**Exercise**. Working from the records below, repeat exactly the lines starting at the line that contains "hfov_deg=65.5. centre=(511, 594)." and ending at the line that contains "What is at (563, 833)?", inclusive.

**Given records**.
--- --- ---

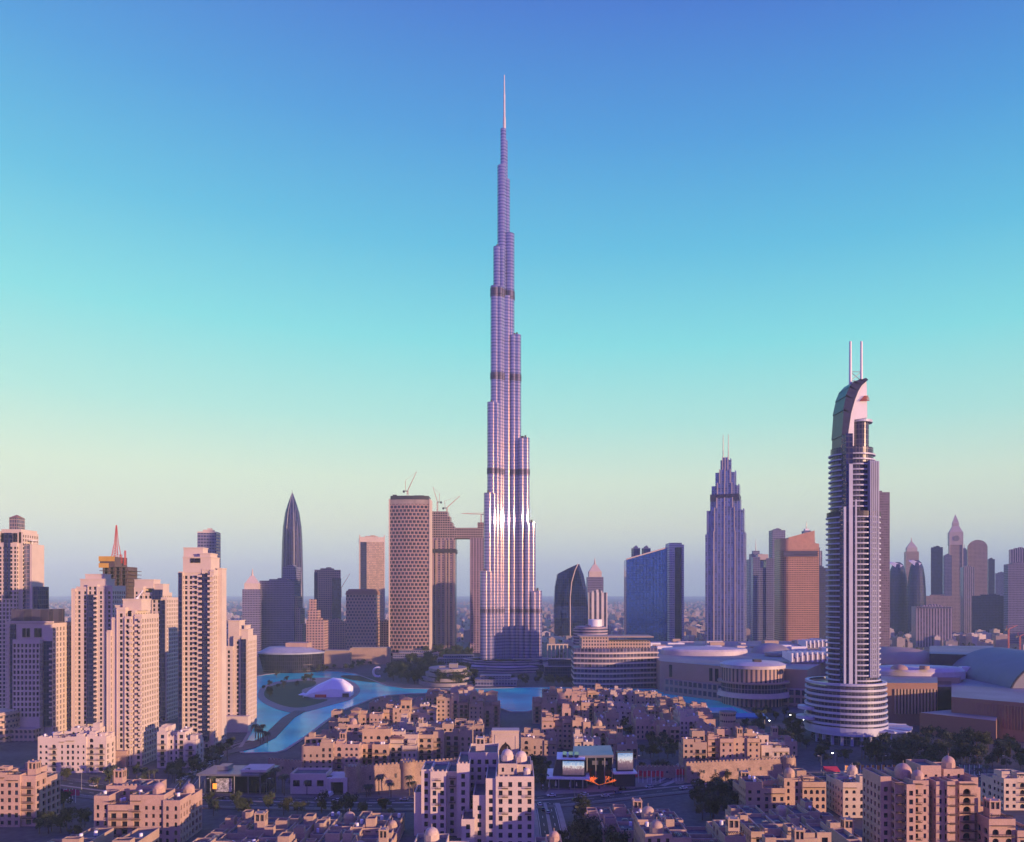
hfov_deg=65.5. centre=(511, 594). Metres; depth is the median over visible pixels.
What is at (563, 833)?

--- --- ---

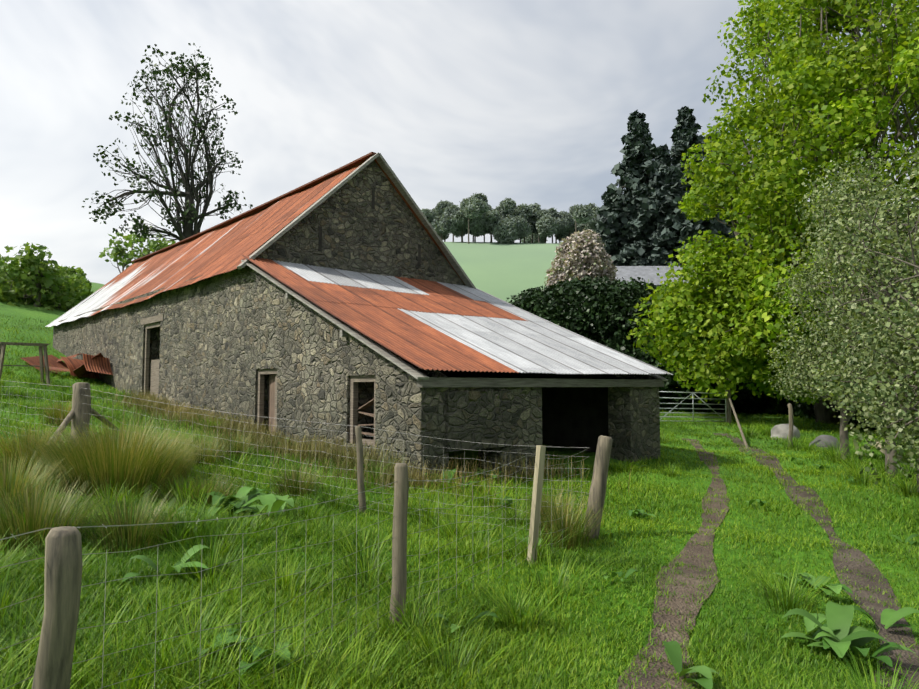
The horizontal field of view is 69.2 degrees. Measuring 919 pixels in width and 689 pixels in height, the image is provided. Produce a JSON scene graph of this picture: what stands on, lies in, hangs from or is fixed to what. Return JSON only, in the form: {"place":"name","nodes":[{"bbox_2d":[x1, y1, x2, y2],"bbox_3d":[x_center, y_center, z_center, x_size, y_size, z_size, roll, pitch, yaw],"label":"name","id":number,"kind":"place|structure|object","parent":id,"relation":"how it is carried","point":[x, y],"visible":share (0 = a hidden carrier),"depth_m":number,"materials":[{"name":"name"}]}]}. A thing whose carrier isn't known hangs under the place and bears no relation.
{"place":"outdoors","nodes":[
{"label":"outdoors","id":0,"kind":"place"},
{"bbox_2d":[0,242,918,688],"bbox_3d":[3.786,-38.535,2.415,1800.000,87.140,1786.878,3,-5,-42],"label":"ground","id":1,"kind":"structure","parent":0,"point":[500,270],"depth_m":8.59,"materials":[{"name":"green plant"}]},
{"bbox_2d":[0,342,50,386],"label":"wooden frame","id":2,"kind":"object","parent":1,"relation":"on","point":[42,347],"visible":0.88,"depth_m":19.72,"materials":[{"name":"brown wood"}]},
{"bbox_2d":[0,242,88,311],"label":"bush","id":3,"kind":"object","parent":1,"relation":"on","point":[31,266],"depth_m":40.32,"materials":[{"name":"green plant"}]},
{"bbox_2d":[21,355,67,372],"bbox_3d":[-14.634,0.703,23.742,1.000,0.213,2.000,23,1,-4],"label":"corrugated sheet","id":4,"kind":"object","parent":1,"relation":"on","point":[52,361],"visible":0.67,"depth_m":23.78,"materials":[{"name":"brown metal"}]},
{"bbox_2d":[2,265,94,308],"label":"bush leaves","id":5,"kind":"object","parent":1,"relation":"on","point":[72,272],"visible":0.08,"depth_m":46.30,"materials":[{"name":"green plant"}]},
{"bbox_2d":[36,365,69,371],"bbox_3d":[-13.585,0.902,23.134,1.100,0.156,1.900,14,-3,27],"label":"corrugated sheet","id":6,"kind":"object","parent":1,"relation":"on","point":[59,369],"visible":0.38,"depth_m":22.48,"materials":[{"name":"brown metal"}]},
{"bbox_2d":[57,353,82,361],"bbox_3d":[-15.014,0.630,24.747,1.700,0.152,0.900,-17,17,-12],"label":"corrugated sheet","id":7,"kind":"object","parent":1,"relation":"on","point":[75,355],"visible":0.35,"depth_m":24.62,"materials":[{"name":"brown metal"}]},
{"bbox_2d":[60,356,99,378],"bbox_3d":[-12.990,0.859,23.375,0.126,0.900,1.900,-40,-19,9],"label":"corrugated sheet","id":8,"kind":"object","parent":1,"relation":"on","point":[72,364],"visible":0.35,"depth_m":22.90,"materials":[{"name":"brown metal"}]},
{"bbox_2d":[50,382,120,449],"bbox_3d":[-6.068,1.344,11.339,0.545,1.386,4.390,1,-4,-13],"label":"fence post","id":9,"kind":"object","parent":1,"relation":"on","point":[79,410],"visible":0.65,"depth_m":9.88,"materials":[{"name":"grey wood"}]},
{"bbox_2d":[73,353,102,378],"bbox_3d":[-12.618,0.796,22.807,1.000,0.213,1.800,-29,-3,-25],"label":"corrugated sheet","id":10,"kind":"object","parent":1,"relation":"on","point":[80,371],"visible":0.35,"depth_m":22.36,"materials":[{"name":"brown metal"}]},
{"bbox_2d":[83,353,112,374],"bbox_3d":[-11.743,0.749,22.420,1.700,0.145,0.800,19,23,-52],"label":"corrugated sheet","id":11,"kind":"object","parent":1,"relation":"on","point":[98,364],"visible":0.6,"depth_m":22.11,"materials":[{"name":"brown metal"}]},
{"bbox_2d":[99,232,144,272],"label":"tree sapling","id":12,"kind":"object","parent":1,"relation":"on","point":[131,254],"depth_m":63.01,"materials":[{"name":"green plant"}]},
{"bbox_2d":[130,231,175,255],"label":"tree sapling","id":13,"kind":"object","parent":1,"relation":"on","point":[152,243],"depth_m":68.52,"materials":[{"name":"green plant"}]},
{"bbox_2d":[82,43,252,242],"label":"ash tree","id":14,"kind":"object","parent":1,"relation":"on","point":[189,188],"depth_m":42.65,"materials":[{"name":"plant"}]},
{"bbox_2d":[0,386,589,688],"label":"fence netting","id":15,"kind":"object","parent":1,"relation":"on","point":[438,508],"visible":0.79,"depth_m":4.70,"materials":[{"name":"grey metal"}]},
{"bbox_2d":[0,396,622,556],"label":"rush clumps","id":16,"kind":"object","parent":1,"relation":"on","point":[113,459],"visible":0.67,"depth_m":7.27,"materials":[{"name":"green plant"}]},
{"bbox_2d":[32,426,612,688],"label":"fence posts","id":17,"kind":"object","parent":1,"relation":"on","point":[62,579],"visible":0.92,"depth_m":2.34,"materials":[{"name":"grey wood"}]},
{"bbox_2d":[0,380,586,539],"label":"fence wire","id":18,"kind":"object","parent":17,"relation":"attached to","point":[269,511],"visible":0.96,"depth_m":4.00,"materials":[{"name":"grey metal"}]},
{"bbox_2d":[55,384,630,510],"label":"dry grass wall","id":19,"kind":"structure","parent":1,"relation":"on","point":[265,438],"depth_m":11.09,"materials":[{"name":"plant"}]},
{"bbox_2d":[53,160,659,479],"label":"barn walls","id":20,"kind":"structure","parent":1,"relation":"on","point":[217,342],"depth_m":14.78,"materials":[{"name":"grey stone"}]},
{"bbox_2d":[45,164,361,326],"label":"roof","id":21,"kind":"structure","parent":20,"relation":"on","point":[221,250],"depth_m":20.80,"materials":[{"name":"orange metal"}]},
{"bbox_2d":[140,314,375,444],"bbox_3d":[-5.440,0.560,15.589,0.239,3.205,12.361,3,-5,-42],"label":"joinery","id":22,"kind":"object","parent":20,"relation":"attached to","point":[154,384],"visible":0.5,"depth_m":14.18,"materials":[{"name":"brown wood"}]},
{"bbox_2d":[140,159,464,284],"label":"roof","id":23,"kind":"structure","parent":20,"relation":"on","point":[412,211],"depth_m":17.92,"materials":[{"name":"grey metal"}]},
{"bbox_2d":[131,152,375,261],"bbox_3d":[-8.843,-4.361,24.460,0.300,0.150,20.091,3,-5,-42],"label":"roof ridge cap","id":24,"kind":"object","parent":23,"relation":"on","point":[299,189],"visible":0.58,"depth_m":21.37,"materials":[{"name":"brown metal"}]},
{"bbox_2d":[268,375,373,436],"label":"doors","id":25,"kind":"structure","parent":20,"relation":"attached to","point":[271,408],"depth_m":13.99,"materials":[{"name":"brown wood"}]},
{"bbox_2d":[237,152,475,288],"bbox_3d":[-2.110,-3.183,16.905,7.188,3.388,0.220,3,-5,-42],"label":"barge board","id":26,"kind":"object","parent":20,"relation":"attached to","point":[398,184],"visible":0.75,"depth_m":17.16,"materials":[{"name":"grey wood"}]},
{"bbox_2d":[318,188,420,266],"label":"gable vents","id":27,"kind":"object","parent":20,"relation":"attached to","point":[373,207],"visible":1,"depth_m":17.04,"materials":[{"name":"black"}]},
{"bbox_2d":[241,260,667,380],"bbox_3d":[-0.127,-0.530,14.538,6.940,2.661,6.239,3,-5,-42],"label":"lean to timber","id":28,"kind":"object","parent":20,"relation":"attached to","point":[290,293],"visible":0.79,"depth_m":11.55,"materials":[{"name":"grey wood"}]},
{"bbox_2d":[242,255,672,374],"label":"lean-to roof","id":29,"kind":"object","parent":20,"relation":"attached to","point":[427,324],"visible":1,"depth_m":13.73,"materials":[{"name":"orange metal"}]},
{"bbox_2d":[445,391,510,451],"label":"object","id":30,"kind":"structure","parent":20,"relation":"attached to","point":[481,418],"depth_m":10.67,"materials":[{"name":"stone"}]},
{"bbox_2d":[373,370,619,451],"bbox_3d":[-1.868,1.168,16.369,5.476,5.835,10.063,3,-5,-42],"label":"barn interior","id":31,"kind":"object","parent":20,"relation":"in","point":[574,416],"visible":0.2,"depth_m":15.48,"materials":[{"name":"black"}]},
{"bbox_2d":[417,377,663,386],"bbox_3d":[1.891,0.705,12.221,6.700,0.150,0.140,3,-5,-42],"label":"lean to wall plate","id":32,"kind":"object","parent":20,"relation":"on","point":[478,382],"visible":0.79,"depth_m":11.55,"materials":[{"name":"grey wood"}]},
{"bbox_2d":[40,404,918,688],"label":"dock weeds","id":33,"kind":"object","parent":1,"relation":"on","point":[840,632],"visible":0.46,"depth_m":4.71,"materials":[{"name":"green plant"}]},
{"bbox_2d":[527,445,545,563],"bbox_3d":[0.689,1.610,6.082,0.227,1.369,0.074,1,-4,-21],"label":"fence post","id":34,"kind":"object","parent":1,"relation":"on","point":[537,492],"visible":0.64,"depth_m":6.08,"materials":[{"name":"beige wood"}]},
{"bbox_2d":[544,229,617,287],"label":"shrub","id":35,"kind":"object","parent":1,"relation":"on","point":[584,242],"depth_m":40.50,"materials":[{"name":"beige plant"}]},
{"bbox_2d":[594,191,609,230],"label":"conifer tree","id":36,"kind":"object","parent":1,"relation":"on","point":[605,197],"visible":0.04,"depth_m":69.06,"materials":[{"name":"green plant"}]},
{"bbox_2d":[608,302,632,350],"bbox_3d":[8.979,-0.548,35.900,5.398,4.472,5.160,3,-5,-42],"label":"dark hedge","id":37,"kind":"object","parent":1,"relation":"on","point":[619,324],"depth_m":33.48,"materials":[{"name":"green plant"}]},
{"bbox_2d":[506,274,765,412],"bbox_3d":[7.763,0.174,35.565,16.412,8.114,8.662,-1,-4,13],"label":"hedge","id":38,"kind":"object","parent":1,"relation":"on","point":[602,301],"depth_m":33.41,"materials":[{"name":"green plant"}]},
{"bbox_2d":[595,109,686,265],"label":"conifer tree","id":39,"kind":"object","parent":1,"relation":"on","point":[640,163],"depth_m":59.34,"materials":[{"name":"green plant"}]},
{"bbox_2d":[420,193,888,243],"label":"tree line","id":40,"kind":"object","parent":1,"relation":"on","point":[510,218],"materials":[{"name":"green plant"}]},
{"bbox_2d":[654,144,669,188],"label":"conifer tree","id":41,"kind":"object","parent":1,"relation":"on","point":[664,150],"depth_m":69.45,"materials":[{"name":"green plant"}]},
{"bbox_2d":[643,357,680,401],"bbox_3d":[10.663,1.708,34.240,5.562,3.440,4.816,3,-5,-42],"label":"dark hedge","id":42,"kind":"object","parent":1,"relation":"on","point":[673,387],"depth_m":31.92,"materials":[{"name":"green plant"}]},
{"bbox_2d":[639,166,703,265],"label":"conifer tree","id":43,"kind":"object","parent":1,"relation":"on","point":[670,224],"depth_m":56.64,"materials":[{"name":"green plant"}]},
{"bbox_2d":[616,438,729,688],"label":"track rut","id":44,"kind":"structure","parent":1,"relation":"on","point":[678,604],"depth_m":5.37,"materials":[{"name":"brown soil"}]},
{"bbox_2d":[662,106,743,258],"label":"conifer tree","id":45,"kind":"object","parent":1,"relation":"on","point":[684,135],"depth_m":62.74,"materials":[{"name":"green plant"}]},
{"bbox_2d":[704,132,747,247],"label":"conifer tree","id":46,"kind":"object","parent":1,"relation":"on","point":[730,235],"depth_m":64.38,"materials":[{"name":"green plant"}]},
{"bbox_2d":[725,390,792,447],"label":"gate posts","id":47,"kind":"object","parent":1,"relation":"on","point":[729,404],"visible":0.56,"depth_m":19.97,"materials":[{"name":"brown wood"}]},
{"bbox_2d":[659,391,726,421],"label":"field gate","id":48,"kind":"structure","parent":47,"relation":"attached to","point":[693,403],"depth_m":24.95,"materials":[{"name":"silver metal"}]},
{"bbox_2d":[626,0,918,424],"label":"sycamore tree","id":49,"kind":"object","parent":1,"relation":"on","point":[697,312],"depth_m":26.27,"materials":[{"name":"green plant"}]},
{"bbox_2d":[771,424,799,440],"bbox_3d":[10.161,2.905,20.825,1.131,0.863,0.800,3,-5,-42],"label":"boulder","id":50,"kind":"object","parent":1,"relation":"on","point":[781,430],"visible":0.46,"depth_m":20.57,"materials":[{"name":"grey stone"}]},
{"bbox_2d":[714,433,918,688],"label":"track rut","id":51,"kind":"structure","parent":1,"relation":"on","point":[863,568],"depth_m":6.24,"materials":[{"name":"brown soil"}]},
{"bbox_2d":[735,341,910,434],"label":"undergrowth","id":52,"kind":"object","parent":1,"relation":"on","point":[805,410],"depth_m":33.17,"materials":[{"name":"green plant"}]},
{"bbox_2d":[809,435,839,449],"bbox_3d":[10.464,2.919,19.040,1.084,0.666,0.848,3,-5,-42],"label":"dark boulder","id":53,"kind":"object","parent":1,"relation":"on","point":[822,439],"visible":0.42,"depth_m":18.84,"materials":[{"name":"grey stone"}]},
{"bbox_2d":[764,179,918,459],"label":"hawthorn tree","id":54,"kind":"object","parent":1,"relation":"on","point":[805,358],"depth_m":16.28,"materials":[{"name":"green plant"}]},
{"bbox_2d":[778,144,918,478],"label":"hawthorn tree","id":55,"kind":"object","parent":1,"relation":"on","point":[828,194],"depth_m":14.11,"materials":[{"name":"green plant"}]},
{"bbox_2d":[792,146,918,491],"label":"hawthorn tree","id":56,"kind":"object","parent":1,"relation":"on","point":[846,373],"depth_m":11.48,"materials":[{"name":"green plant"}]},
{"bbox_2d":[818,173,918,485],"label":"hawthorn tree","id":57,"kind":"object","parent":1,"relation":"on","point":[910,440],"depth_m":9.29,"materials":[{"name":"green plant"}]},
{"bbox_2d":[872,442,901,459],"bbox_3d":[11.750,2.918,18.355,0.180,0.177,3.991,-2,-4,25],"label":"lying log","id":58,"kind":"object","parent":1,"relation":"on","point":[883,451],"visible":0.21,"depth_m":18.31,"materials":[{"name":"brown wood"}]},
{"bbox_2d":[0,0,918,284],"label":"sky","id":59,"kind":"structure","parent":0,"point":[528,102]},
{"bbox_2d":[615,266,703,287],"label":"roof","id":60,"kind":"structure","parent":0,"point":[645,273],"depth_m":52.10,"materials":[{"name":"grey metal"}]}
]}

--- --- ---

**Task solution**.
hfov_deg=65.5. centre=(511, 594). Metres; depth is the median over visible pixels.
What is at (563, 833)?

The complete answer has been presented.